Forbes said she is most excited about the environment around the tournament itself.
“I think I’m just excited to play in an NCAA championship environment – it’s unlike any other from what I’ve heard and I’m excited to get to experience that with nine of my best friends,” Forbes said. “I’m really excited to enter this tournament and just fight for that national championship.”
Sampras Webster said the team traveled to the site of the tournament in Orlando, Florida, on Wednesday and has spent its time leading up to the Georgia Tech matchup acclimating to the setting.
The weather forecast for Sunday is 81 degrees and 42% humidity.
“We’ve had some showers and some drizzles, but fortunately we’ve been able to practice twice (Thursday) and we practiced (Wednesday) night when we got in so we feel really good with what we’ve been doing,” Sampras Webster said. “I feel really good about the chemistry of our team and their focus – wanting to be the best prepared, taking care of their bodies, fueling and hydration.”
Senior Vivian Wolff, who played three years at Georgia before transferring to UCLA, said her familiarity with the environment could serve as an advantage for her and added that keeping matches short – as the team has done in both 4-0 wins in the first and second rounds of the tournament so far – will be a key factor for success.
“We went to Orlando my sophomore year and obviously my first two years at Georgia were all heat and humidity,” Wolff said. “I like my odds when it gets tough – I think fitness is a big part of my game and being physical, so I’m excited to see what the elements are like.
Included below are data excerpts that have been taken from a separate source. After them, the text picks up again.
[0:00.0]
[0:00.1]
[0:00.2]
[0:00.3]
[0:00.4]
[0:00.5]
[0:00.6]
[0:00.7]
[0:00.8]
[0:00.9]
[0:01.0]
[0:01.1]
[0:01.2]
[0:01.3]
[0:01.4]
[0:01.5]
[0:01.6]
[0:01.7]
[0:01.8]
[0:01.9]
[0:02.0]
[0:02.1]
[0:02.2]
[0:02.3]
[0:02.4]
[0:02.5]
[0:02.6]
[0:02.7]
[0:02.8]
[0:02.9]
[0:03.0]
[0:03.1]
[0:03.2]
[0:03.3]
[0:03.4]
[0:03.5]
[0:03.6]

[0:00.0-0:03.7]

I think it’s super important to try to get things done super quick and not let any leads go because it’s going to be super hot and humid.”
Wolff said she plans to lay it all out on the line, considering this is the last tournament of her collegiate tennis career.
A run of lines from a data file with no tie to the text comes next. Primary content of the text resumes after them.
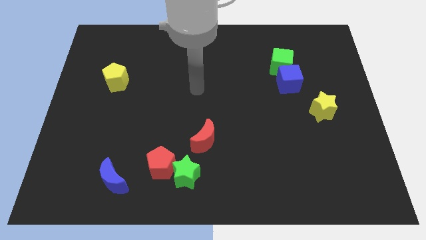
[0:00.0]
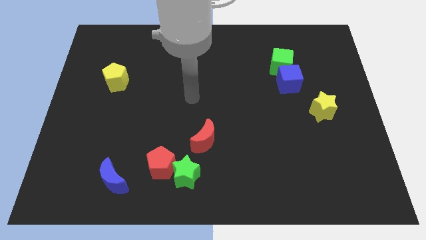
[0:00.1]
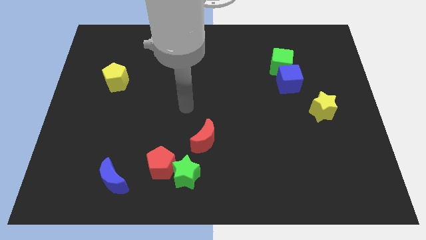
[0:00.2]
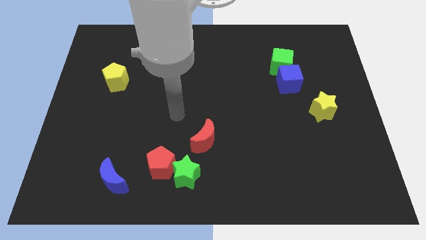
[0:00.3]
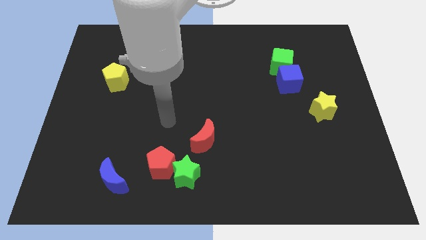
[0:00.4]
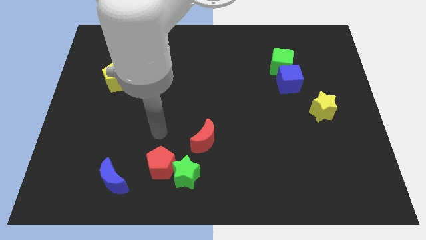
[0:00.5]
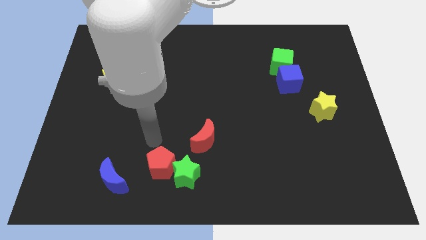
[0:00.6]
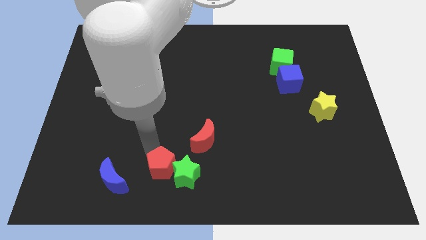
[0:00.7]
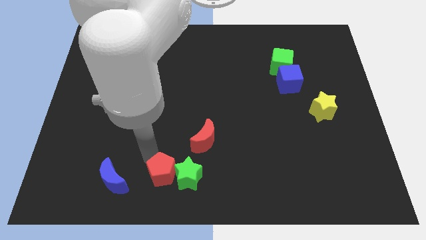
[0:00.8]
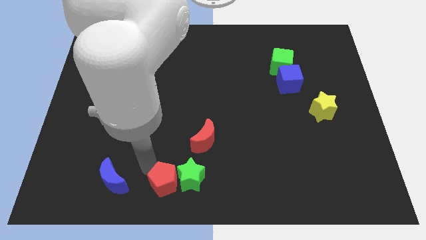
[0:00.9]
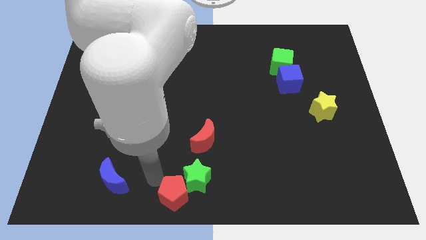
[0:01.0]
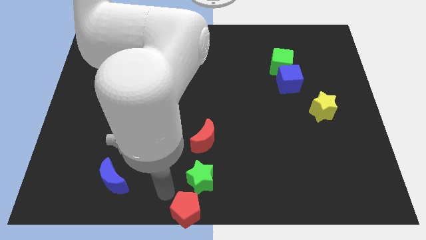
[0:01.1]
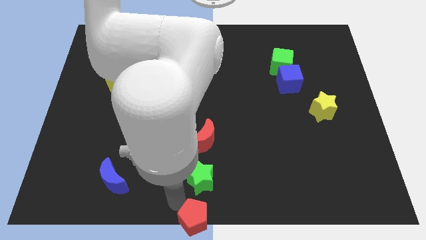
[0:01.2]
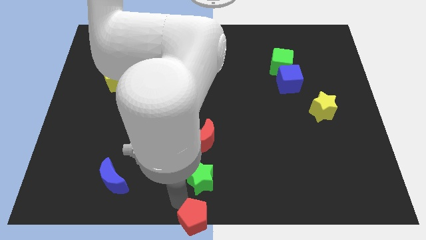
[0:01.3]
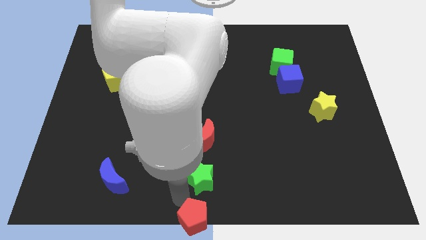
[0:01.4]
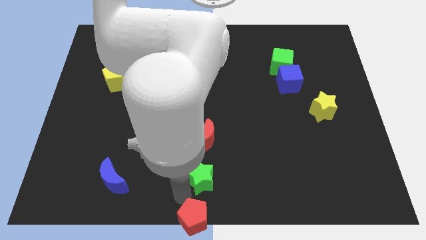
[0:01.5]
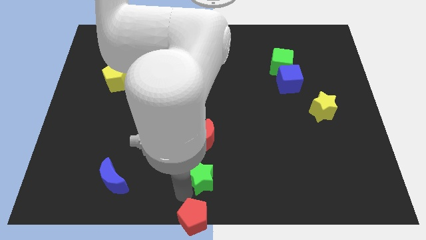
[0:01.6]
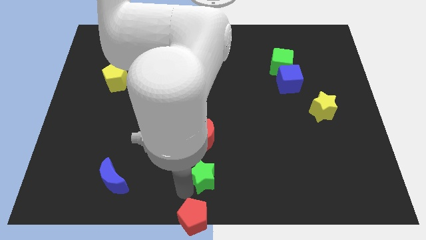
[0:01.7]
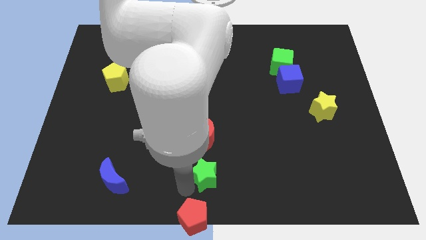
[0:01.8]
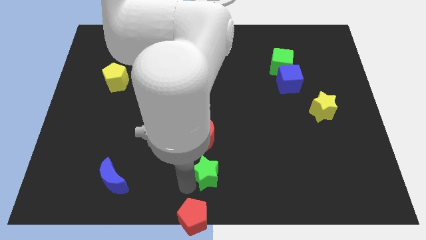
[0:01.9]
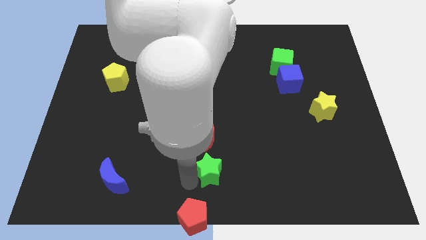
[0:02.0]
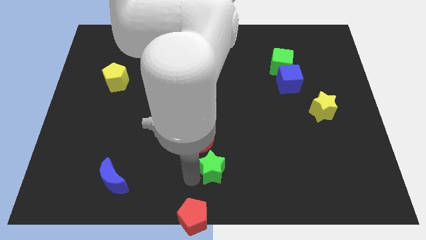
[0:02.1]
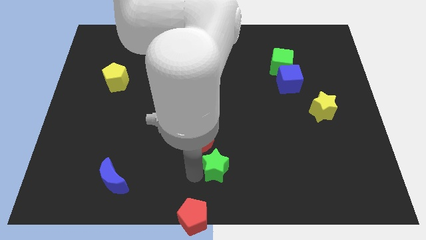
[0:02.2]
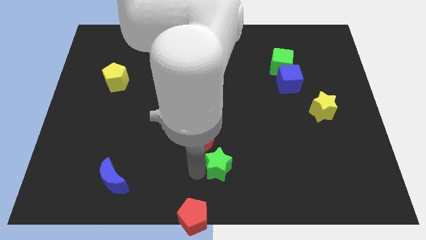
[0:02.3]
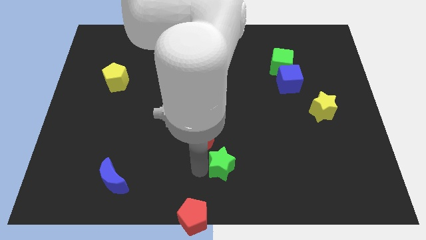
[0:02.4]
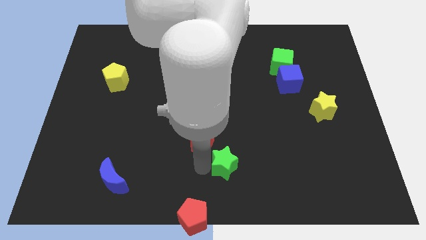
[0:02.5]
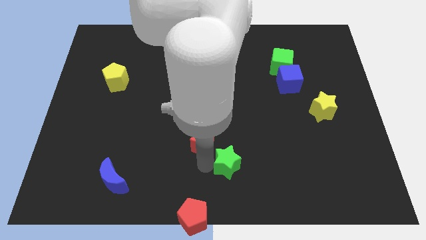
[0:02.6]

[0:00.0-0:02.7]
slightly push the green star diagonally upwards and right

“I’m going to give it my all shotwise, footworkwise, mentalitywise,” Wolff said. “I’m just going to lay it all out there so I can leave the court with absolutely no regrets and not thinking, ‘Should have done this, should have done that.’ I’m just going to give it my all and hopefully, it’ll work out.”
First serve against the Yellow Jackets will be at 1 p.m. on Sunday at the USTA National Campus.